In this work, we first address the similarity search problem. More specifically, we propose methods which overcome experimental barriers in pariwise gene expression similarity calculations. We introduce a method, which we refer to as indirect similarity, which, unlike previous approaches, uses all of the information in a database to better inform the similarity calculation of a pair of gene expression profiles. We demonstrate that our method is more robust and better able to cope with experimental barriers such as vehicle and batch effects. We evaluate the ability of our method to retrieve compounds with similar therapeutic effects in two independent datasets. We evaluate the recall ability of our approach and show that our method results in an improvement of 97.03% and 49.44% respectively over existing state of the art approaches.

The second problem we focus on is signature detection. Gene expression experiments are performed to test a specific hypothesis. Generally, this hypothesis is that there is some genetic signature common in a group of samples. Current methods try to find the differentially expressed genes within a group of samples using a variety of methods, however, they all are parametric. We introduce a nonparametric approach to group profile creation which we refer to as the Weighted Influence Model - Rank of Ranks method. For every probe on the microarray, the average rank is calculated across all members of a group. These average ranks are then re-ranked to form the group profile. We demonstrate the ability of our group profile method to better understand a disease and the underlying mechanism common to its treatments. Additionally, we demonstrate the predictive power of this group profile to detect novel drugs that could treat a particular disease. This method leads the detection of robust group signatures even with unknown confounding effects.

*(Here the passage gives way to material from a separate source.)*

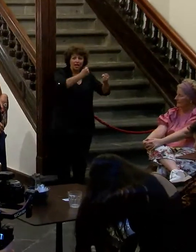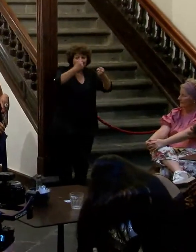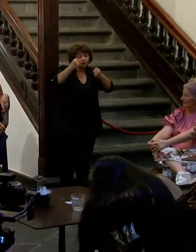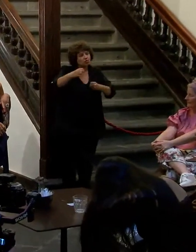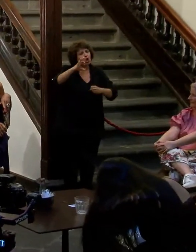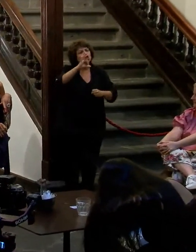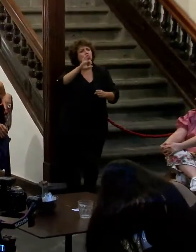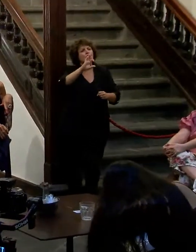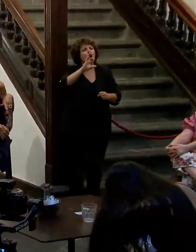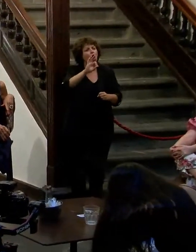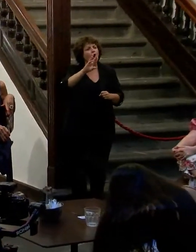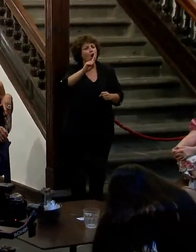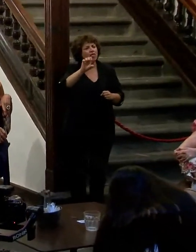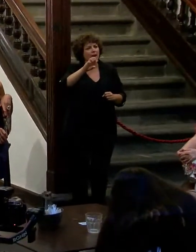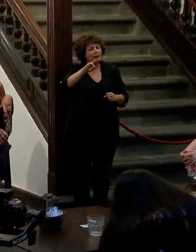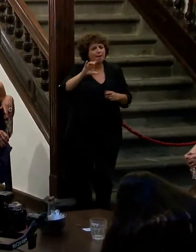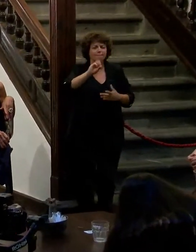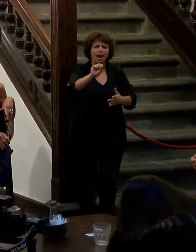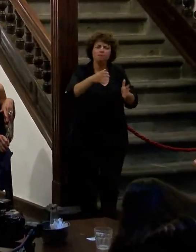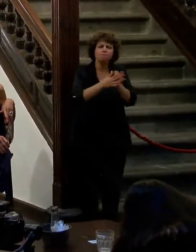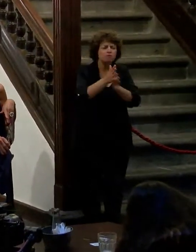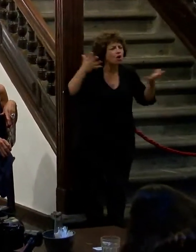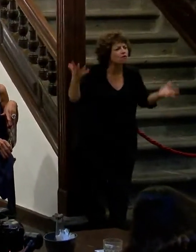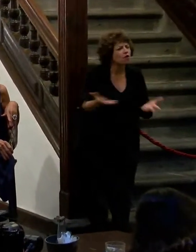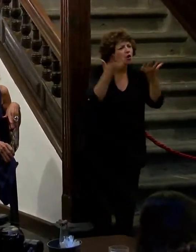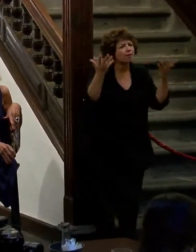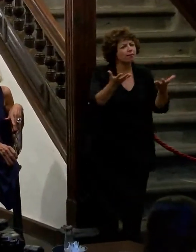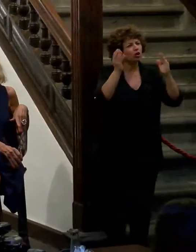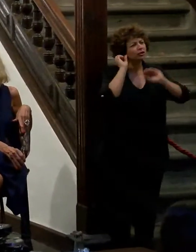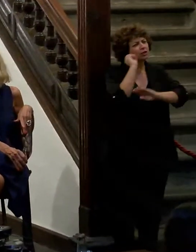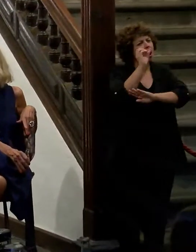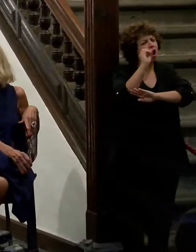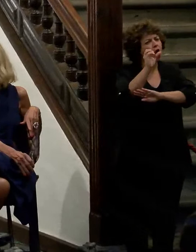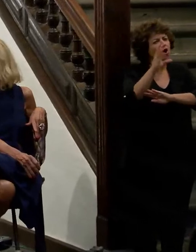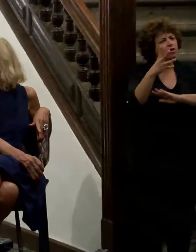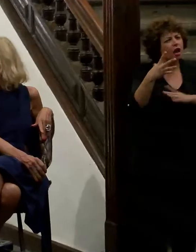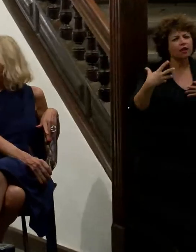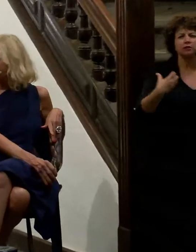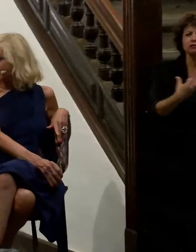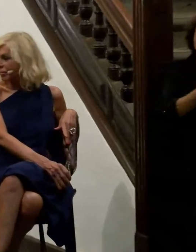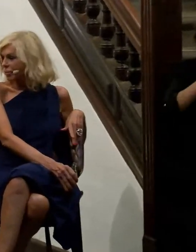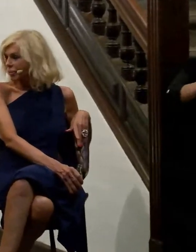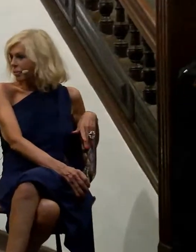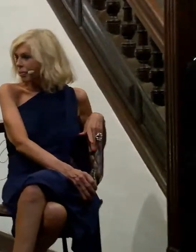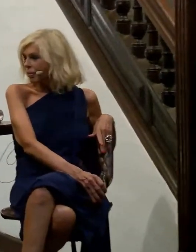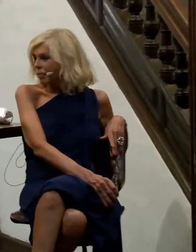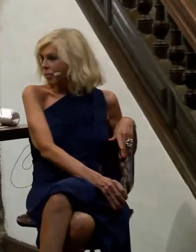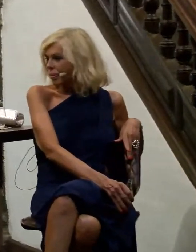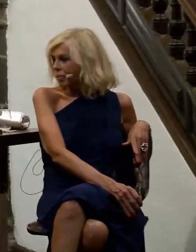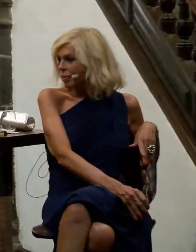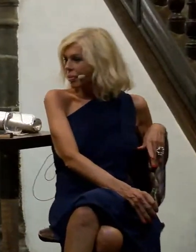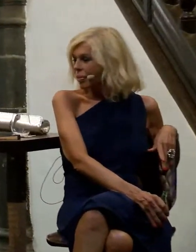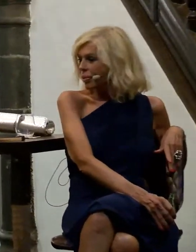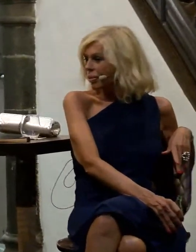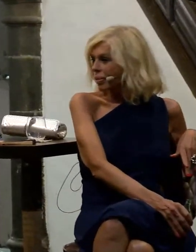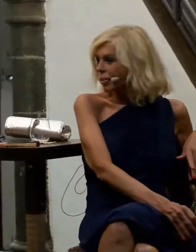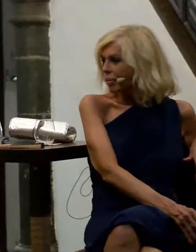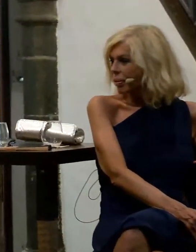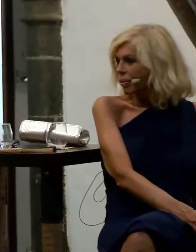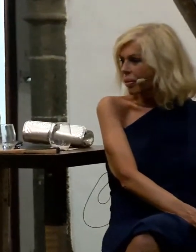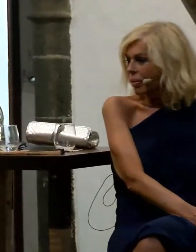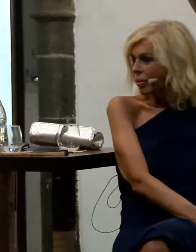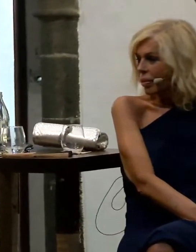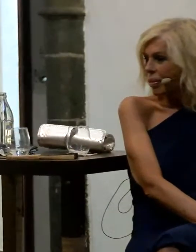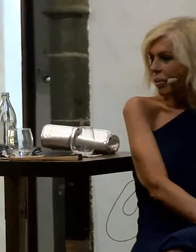Sobepal promovemos con esta jornada pues toda esa sensibilidad en la ciudadanía de manera que

The final problem that we address is the challenge of removing known (annotated) confounding effects from gene expression profiles. We propose an extension to our non-parametric gene expression profile method to correct for observed confounding effects. This correction is performed on ranked lists directly, and it provides a robust alternative to parametric batch profile correction methods. We evaluate our novel profile subtraction method on two real world datasets, comparing against several state-of-the-art parametric methods. We demonstrate an improvement in group signature detection using our method to remove confounding effects. Additionally, we show that in a dataset with the true group assignments removed and only the confounding effects labelled, our profile subtraction method allows for the discovery of the true groups. We evaluate the robustness of our methods using a gene expression profile generator that we developed.